In much the same way as Dubya Bush resolves situations by applying the death penalty, one of his supporters is calling for a very similar axe to fall on the heads of Computer Associates. His gripe is that CA just isn't innovating. His resolution is to install himself as the chairman.
Sam Wyly, a billionaire Texan, has this week launched a proxy bid to take over the helm of CA. If successful he is planning to split CA into four operating units and return investor value to the firm. He claims that, 'By any performance measure - stock price, financial growth or customer satisfaction - Computer Associates has clearly under performed against its peer companies.'
Wyly, if truth be told, could have something of a valid point. In many ways CA could look better by being restructured along its technology lines. And, you could argue, that CA's pro-forma invoicing, which has resulted in a bout of bad press recently, does make the firm somewhat unnacountable for a couple of years - because previous results will be incomparable to current results. You could also argue that he has some claim to the company, having sold Sterling Software to CA for $4 billion recently.
However, Wyly's campaign, you could argue, reeks of opportunism and personal politics - with adverts in the New York Times criticising CA's management team for smiling. Further to that, he looks to be milking a run of bad press that CA has suffered recently and is using this as grounds for his instatement as chairman.
CA, as you might imagine, is keeping pretty tight-lipped about the whole affair. It has said that it wholeheartedly disagrees with Wyly and that its stock has risen 72 per cent over the past six months.
Further to that, the firm has had the backing of one of its biggest shareholders, a Swiss investor called Walter Haefner who owns 21 per cent of the firm. He has written to Wyly stating that he is confident in the ability of CA's management team. Fidelity Investments, another major shareholder, is so far said to have kept quiet.
Wyly, in a typically bullish fashion, says that CA should allow all of its shareholders to vote on his proposal. But, presumably, CA's argument is why should they listen to Wyly?

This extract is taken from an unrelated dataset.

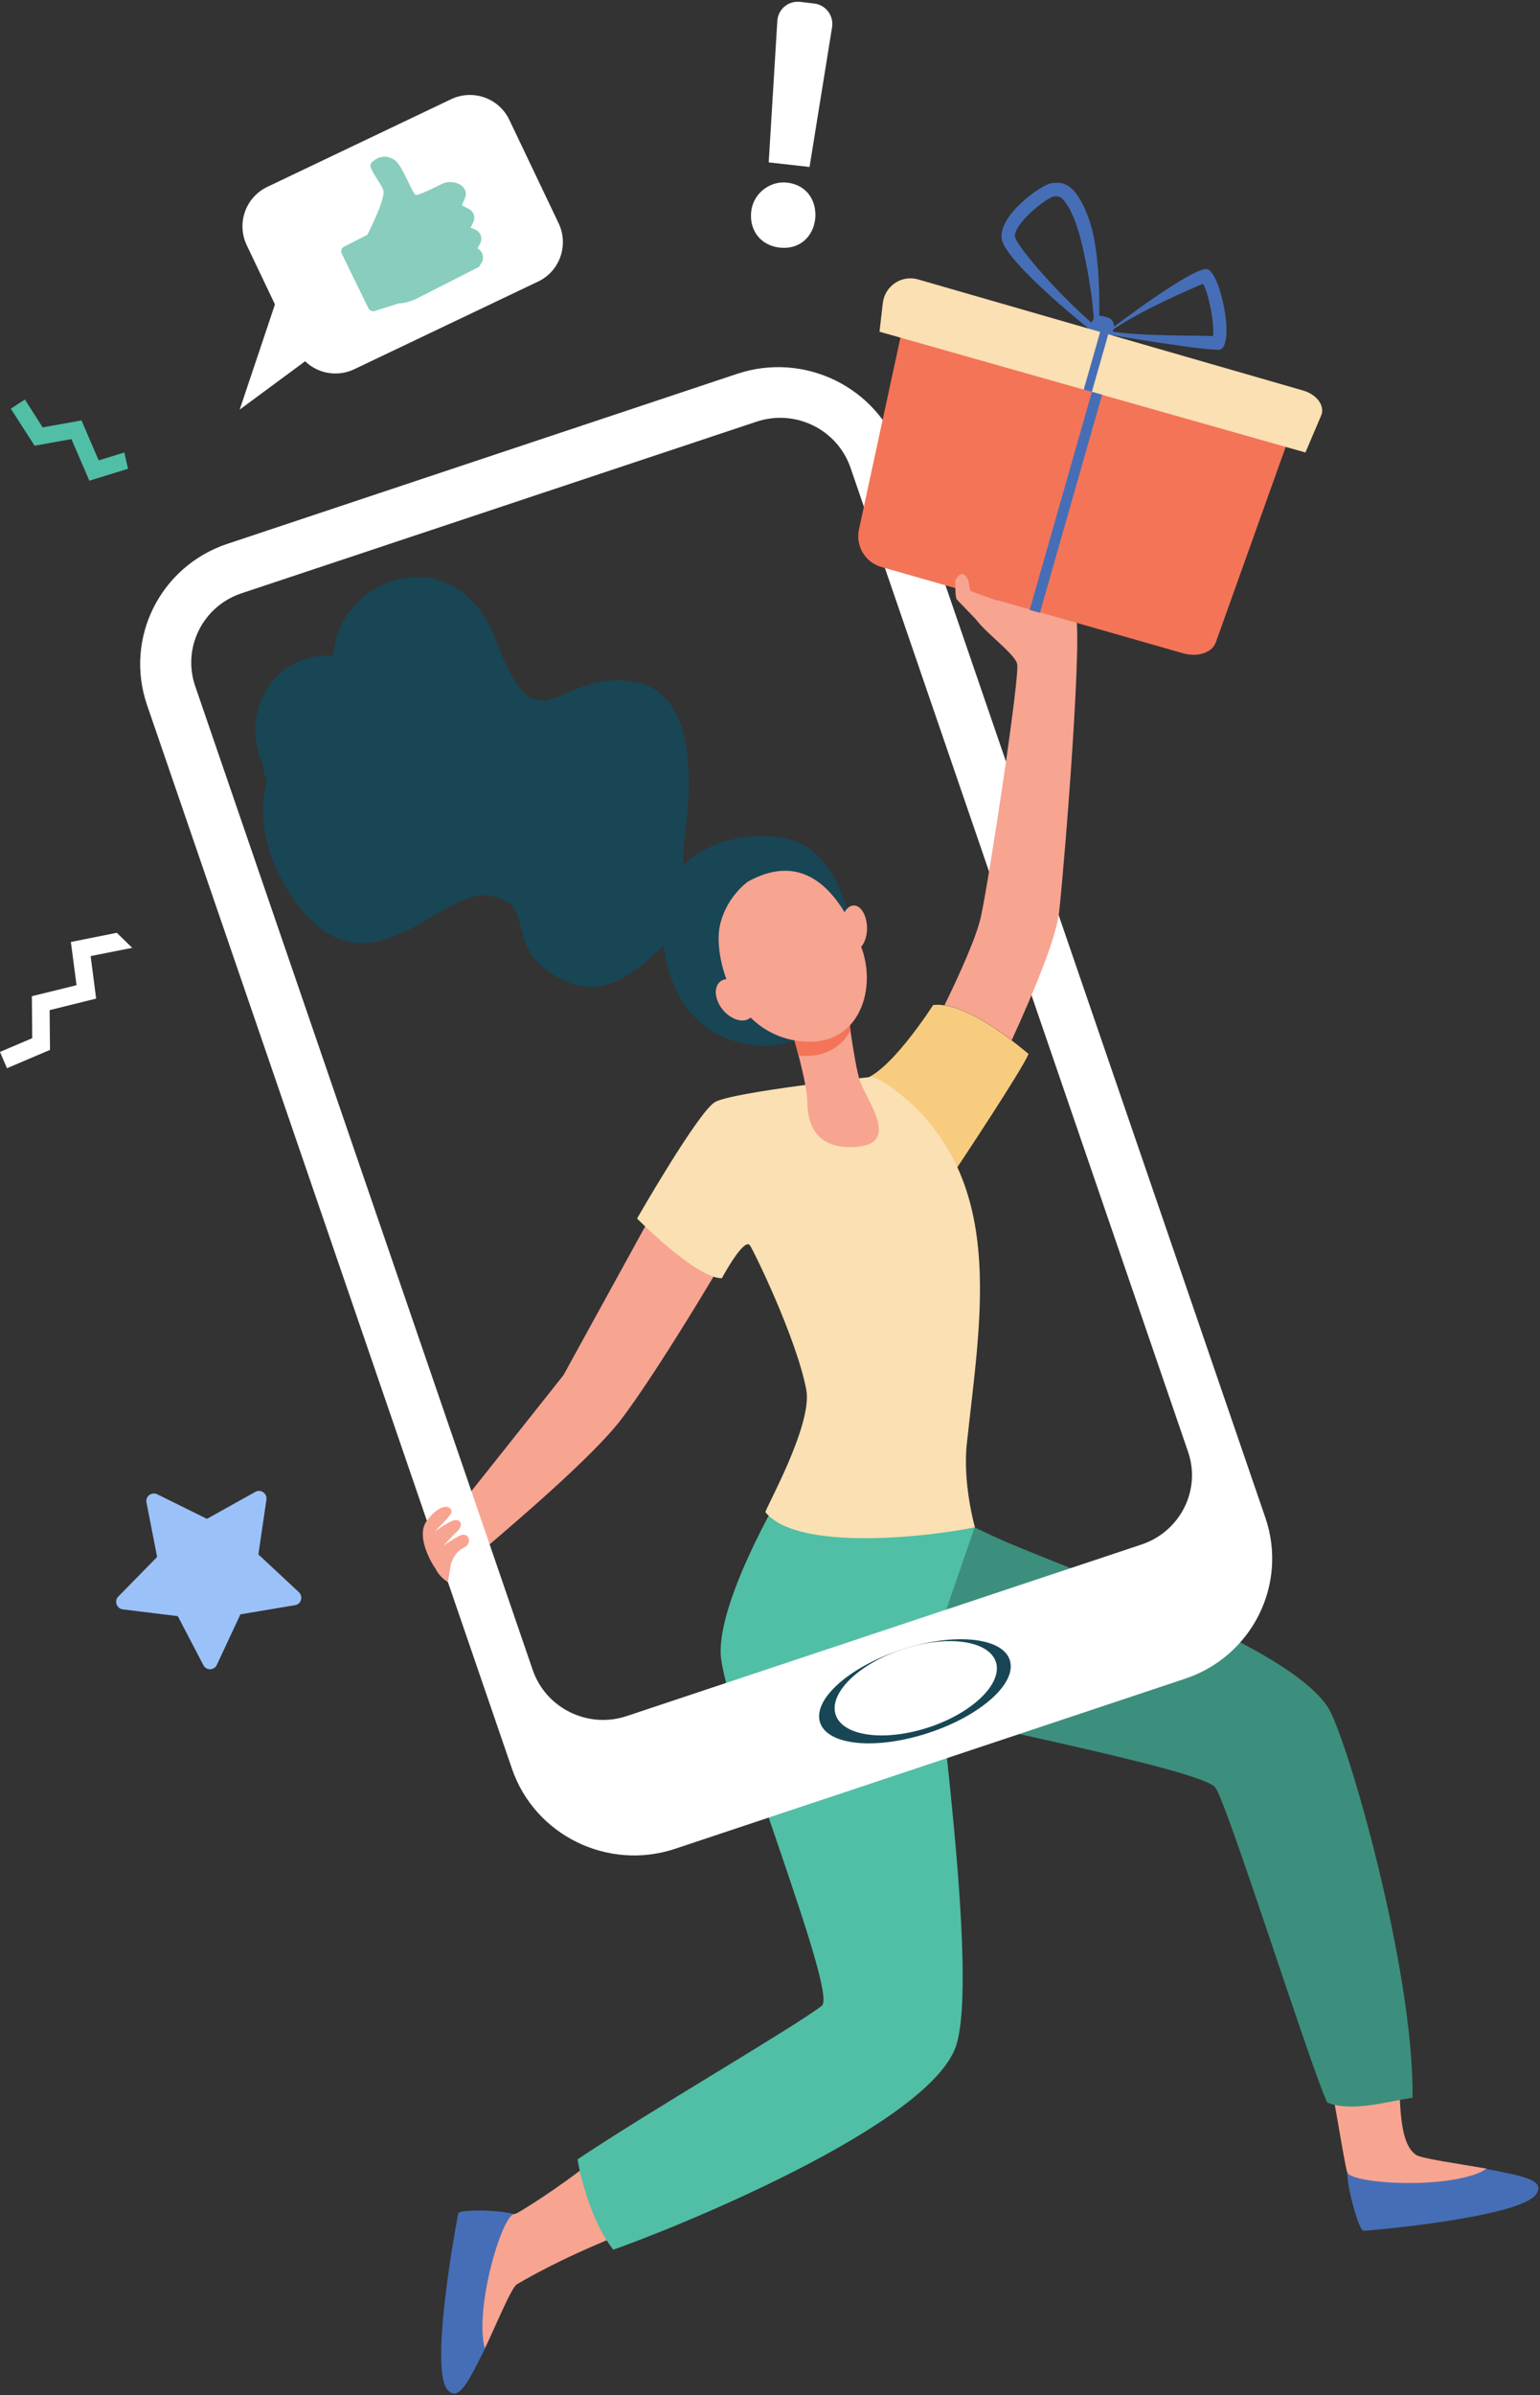 <?xml version="1.0" encoding="UTF-8"?> <svg xmlns="http://www.w3.org/2000/svg" width="841" height="1307" viewBox="0 0 841 1307" fill="none"><rect x="0" y="0" width="841" height="1307" fill="#333333" stroke="none"/> <path d="M111.1 908.716L97.1 881.916L67.1 878.216C63.7 877.816 62.2 873.616 64.6 871.216L85.8 849.616L80 819.916C79.3 816.516 82.8 813.916 85.9 815.416L113 828.816L139.4 814.116C142.4 812.416 146 814.916 145.5 818.316L141.1 848.216L163.2 868.816C165.7 871.116 164.5 875.416 161.1 875.916L131.3 880.916L118.5 908.316C117.1 911.616 112.7 911.716 111.1 908.716Z" fill="#9BC1F9"></path> <path d="M410.3 114.916C411.6 105.316 420.801 98.316 430.401 99.716C440.401 101.116 446.1 109.216 445.2 119.316C444.1 129.416 436.4 136.316 425.8 135.116C415.1 133.916 408.9 125.316 410.3 114.916ZM419.8 88.616L424.5 11.416C424.9 5.016 430.501 0.316 436.901 1.016L444.6 1.916C450.9 2.616 455.401 8.516 454.401 14.816L442.1 91.116L419.8 88.616Z" fill="white"></path> <path d="M361.4 503.216C361.9 522.316 366.9 563.416 410.3 570.216C437.2 574.416 471.7 550.216 469.5 532.416C467.3 514.616 462.3 469.416 434.2 459.016C410.7 450.416 360.2 460.516 361.4 503.216Z" fill="#184655"></path> <path d="M723.5 1121.82C729.6 1147.62 734.5 1184.82 736.3 1186.82C737.2 1187.82 738.9 1194.32 739.8 1195.32C767.8 1205.52 792.5 1195.02 812 1183.42C796.7 1180.72 776.1 1177.92 773.2 1175.82C762.6 1168.32 765.1 1141.52 763.2 1117.52C755.6 1119.02 737.2 1114.22 723.5 1121.82Z" fill="#F7A491"></path> <path d="M735.7 1185.42C735.9 1195.62 742.4 1217.32 744.5 1217.32C746.9 1217.32 831.1 1210.02 839.1 1197.12C843.9 1189.32 830.9 1187.32 812 1183.62C792.4 1195.12 738 1191.82 735.7 1185.42Z" fill="#466EB6"></path> <path d="M323.5 1179.32C304 1194.62 284.3 1206.82 281.8 1207.92C280.6 1208.52 273.9 1208.42 272.6 1209.02C255.3 1233.32 258.8 1259.82 264.7 1281.72C271.4 1267.72 279.3 1248.12 282.4 1246.42C287.3 1243.62 304.8 1233.22 336.3 1220.42C325.7 1208.92 327.2 1194.62 323.5 1179.32Z" fill="#F7A491"></path> <path d="M367.9 640.916L307.7 750.416C307.7 750.416 267.5 801.116 246.7 827.116C251.2 834.416 255.5 841.916 259.3 849.616C279.9 832.116 323.8 794.916 339.4 774.316C362.5 743.916 404.4 671.816 404.4 671.816L367.9 640.916Z" fill="#F7A491"></path> <path d="M528 831.516L463.6 926.516C463.6 926.516 459.9 920.116 483 928.616C506.1 937.016 654.8 964.816 663.6 975.316C669.8 982.716 715.9 1128.62 724.8 1147.32C738.2 1152.72 757.6 1146.72 771.4 1144.72C772.3 1074.42 735.1 946.516 725.1 931.516C702.9 898.016 597.3 861.816 549.7 841.516C542 838.216 536 835.216 532.3 833.516C529.5 832.116 528 831.516 528 831.516Z" fill="#3C8F7C"></path> <path d="M280.8 1208.22C270.9 1205.62 250.9 1205.72 250.3 1207.72C249.7 1210.02 234.1 1293.12 244.5 1304.22C250.7 1310.92 256.1 1298.92 264.8 1281.72C258.9 1259.92 274.1 1208.82 280.8 1208.22Z" fill="#466EB6"></path> <path d="M511.1 898.316C511.7 891.216 526.9 849.516 532.3 833.316C532.5 832.816 528.5 823.416 524.2 809.916L518 810.916L426.5 815.016C426.5 815.016 389.6 877.316 393.9 905.916C399.9 945.816 457.6 1087.82 448.8 1094.52C433 1106.62 355.3 1151.62 315.4 1178.32C318 1193.82 325.1 1215.32 334.9 1227.62C367.4 1216.32 507.6 1159.82 522.1 1116.42C534.8 1078.22 510.1 910.516 511.1 898.316Z" fill="#50BFA5"></path> <path d="M509.6 548.416C509.6 548.416 484.4 588.016 469.5 589.416L522.1 638.016C522.1 638.016 557.9 584.316 561.7 575.116C561.6 575.216 529 546.116 509.6 548.416Z" fill="#F7CC7F"></path> <path d="M528 787.716C525.6 809.516 532.4 833.416 532.4 833.416C511.3 837.916 436.3 847.516 418 825.216C417.3 824.416 444 777.516 440.3 758.316C434.9 730.016 411.4 682.116 409.5 679.516C406.2 675.216 394.2 697.516 394.2 697.516C380.1 697.616 347.9 664.916 347.9 664.916C347.9 664.916 381.2 606.916 390.4 601.416C399.6 595.916 475.3 587.716 475.3 587.716C480.9 587.316 496.1 600.516 500.3 604.716C548.1 652.516 535.2 720.916 528 787.716Z" fill="#FAE0B2"></path> <path d="M432.6 563.416C432.6 563.416 440.9 590.716 440.9 601.816C441 612.916 445.4 628.016 468.6 625.716C491.8 623.416 472.8 600.016 469.5 589.516C466.2 579.016 462.2 545.716 462.2 545.716L432.6 563.416Z" fill="#F7A491"></path> <path d="M464.5 562.316C463.2 553.216 462.3 545.616 462.3 545.616L432.6 563.316C432.6 563.316 434.3 568.916 436.1 576.016C450.1 577.416 459.4 571.416 464.5 562.316Z" fill="#F47458"></path> <path d="M408.4 481.116C408.4 481.116 396.2 489.616 393 505.716C389.9 521.816 399.4 561.516 433.9 567.716C468.4 574.016 479.6 540.616 470.2 516.416C460.8 492.216 442.5 462.216 408.4 481.116Z" fill="#F7A491"></path> <path d="M473.5 506.316C473.5 513.116 470.4 518.616 466.4 518.616C462.5 518.616 459.2 513.216 459.2 506.416C459.2 499.616 462.3 494.116 466.3 494.116C470.2 494.116 473.4 499.616 473.5 506.316Z" fill="#F7A491"></path> <path d="M408.1 540.016C412.6 545.416 413.3 552.316 409.7 555.416C406 558.516 399.4 556.516 394.8 551.116C390.3 545.716 389.6 538.816 393.2 535.716C396.9 532.616 403.5 534.616 408.1 540.016Z" fill="#F7A491"></path> <path d="M373.1 465.916C374.5 447.416 387.6 378.416 345.4 371.916C303.2 365.416 294.2 411.416 270.8 349.416C249.1 291.916 184.7 314.216 182 357.816C175.9 357.316 169.6 358.216 163.7 360.716C143.1 369.416 133.8 394.116 143 415.916C144.5 419.416 143.6 422.816 145.8 425.716C140.9 444.716 144.3 466.416 158.9 488.516C199 548.816 239.2 485.316 266.3 488.716C293.4 492.116 275.7 513.316 299.2 529.816C322.7 546.316 341.6 542.016 379.8 496.916L389.2 484.516C389.1 484.516 371.7 484.516 373.1 465.916Z" fill="#184655"></path> <path d="M691 828.116C686.4 814.816 499.9 271.416 491.7 247.616C479.2 211.316 439.3 191.716 402.5 204.016L124.3 296.716C87.5 308.916 67.8 348.316 80.3 384.716L279.6 965.216C292.1 1001.52 332 1021.12 368.8 1008.82L647 916.116C683.8 903.916 703.5 864.516 691 828.116ZM623.4 842.816L342.3 936.416C321.1 943.516 298.1 932.216 290.9 911.216L106.6 374.416C99.4 353.416 110.8 330.716 132 323.716L413.1 230.116C434.3 223.016 457.3 234.316 464.5 255.316C509.3 385.716 644.8 780.516 648.8 792.216C656 813.016 644.6 835.716 623.4 842.816Z" fill="white"></path> <path d="M551.4 905.716C555.7 918.216 536 936.016 507.4 945.516C478.8 955.016 452.2 952.616 447.9 940.116C443.6 927.616 463.3 909.816 491.9 900.316C520.4 890.816 547.1 893.216 551.4 905.716Z" fill="#184655"></path> <path d="M543.8 906.716C547.8 918.416 531.5 934.516 507.4 942.516C483.3 950.516 460.4 947.516 456.4 935.816C452.4 924.116 468.7 908.016 492.8 900.016C516.9 892.016 539.7 895.016 543.8 906.716Z" fill="white"></path> <path d="M250.5 838.216C246.5 840.416 243.8 842.316 242.5 843.316C242.6 843.216 242.6 843.016 242.7 842.916C244 841.516 248.5 836.716 248.5 836.716C254.4 832.216 251.3 827.416 245.8 830.416C240.3 833.416 237.1 836.016 237.1 836.016C237.1 836.016 246.7 826.616 246.6 825.216C246.5 820.416 239.3 820.916 232.8 830.316C227.2 838.516 235.5 852.816 237.9 856.116C240.3 861.016 244.6 863.316 244.6 863.316L246.1 854.016C246.1 854.016 247.8 847.016 253.2 844.616C258.5 842.116 256 835.216 250.5 838.216Z" fill="#F7A491"></path> <path d="M293.9 153.616L193.4 201.516C181.5 207.116 167.4 202.116 161.7 190.316L134.7 133.716C129.1 121.816 134.1 107.716 145.9 102.016L246.4 54.116C258.3 48.516 272.4 53.516 278.1 65.316L305.1 121.916C310.7 133.816 305.7 148.016 293.9 153.616Z" fill="white"></path> <path d="M152.4 159.416L130.9 223.516L178.7 188.216L152.4 159.416Z" fill="white"></path> <path d="M187.901 134.616L200.6 128.116C200.6 128.116 210.9 108.216 209.3 103.716C207.7 99.216 200.7 91.516 202.6 89.116C204.6 86.816 209.4 83.316 215.5 87.316C219.9 90.216 225.2 106.216 227.2 106.416C228.4 106.616 235.9 103.116 241.2 100.416C244.7 98.716 248.9 99.016 252.1 101.316C254.2 102.916 255.001 105.716 253.901 108.216L252.2 112.016L255.901 113.916C258.701 115.316 259.801 118.716 258.401 121.416L257 124.216L259.401 125.216C262.501 126.516 263.8 130.216 262.1 133.116L260.8 135.516L261.401 135.916C263.801 137.616 264.5 140.816 263 143.316L261.6 145.616L227.8 162.816C224.6 164.416 221.2 165.416 217.6 165.616L204.7 169.716C203.3 170.116 201.8 169.516 201.2 168.216L186.6 138.316C185.9 137.116 186.401 135.316 187.901 134.616Z" fill="#88CDBD"></path> <path d="M63.8 509.016L38.7 514.016L41.8 537.616L17.4 543.616L17.6 566.516L0 574.016L3.8 582.916L27.3 572.916L27.1 551.216L52.5 544.916L49.5 521.716L72.2 517.216L63.8 509.016Z" fill="white"></path> <path d="M67.9 246.916L53.9 251.216L44.5 229.416L23.3 233.216L13.6 218.016L5.9 223.016L18.9 243.216L39 239.616L48.8 262.316L69.9 255.816L67.9 246.916Z" fill="#50BFA5"></path> <path d="M587 334.916C582.1 330.916 570.7 327.616 565 327.016C559.3 326.516 534.5 326.516 531.3 332.516C528.1 338.516 554.1 355.416 555.5 362.416C556.9 369.416 540.4 478.516 535.7 500.116C533.4 510.816 524.4 530.916 515.8 548.516C528.1 550.516 543 560.516 552.5 567.616C564.6 541.216 576.9 511.616 578.4 497.616C581.5 469.616 591.9 339.016 587 334.916Z" fill="#F7A491"></path> <path d="M659 146.816C650.5 146.116 606.3 179.816 606.3 179.816L604.3 182.416C604.3 182.416 664 192.516 666.8 190.616C674.4 185.616 665.9 147.416 659 146.816ZM606.5 180.816C620.9 170.316 650.6 157.516 657 154.816C660.3 160.916 663.3 176.816 662.4 183.416C655.3 182.916 623.9 183.616 606.5 180.816Z" fill="#466EB6"></path> <path d="M594.4 118.816C586.8 98.316 579.3 99.316 574 100.016C568.7 100.716 544.9 117.616 547.1 130.516C549.3 143.516 597 181.316 597 181.316L600.2 177.616C600.1 177.716 602.1 139.316 594.4 118.816ZM554.3 129.316C553.2 122.816 569.7 109.116 575.1 107.316C576.4 107.116 577.4 107.016 578.3 107.316C579.3 107.616 582.9 109.516 587.4 121.516C592.3 134.616 597.4 165.016 597.4 177.216C578.5 161.216 555.6 134.816 554.3 129.316Z" fill="#466EB6"></path> <path d="M597.4 189.416L600 190.116C602.6 190.816 605.3 189.316 606 186.816L608.2 179.216C608.9 176.616 607.4 173.916 604.9 173.216L602.3 172.516C599.7 171.816 597 173.316 596.3 175.816L594.1 183.416C593.3 186.016 594.8 188.616 597.4 189.416Z" fill="#466EB6"></path> <path d="M645.8 356.416L481.4 309.416C472.5 306.916 467.1 297.916 469.1 288.816L498.2 154.316L712.3 215.416L664 350.416C662 356.216 654 358.816 645.8 356.416Z" fill="#F47458"></path> <path d="M712.9 246.916L480.3 181.016L482.1 165.416C483.2 156.016 492.4 149.816 501.5 152.516L711.7 213.116C719.2 215.316 723.7 221.516 721.5 226.716L712.9 246.916Z" fill="#FAE0B2"></path> <path d="M600.846 180.999L591.815 212.635L596.238 213.898L605.269 182.261L600.846 180.999Z" fill="#466EB6"></path> <path d="M596.298 213.786L562.314 332.832L567.892 334.424L601.875 215.378L596.298 213.786Z" fill="#466EB6"></path> <path d="M544.7 334.716L545.3 327.716C539.6 326.116 533.1 323.716 529.8 322.316L528.9 317.016C525.9 309.716 522.7 314.916 521.7 316.616C521.7 316.616 521.5 326.016 522.5 327.116C522.5 327.116 533.6 338.816 538.3 343.216C540.6 345.416 548.1 351.516 548.1 351.516L554 343.316L544.7 334.716Z" fill="#F7A491"></path> </svg>

CA has consistently done exactly what is says it is going to do - in terms of revenues, growth and overall performance - and bad press doesn't mean that will change.
Further to that, CA's management team, which consists of founders Charles Wang and Sanjay Kumar amongst others, has already created one of the world most successful software companies. Wyly, on the other hand, hasn't.
But, you can't write him off. He is undoubtedly a successful entrepreneur and a force to be reckoned with. That doesn't mean that he is the man to return investor value to the company of course. But it does mean that, with the annual general meeting of shareholders approaching, CA could have an interesting battle on its hands.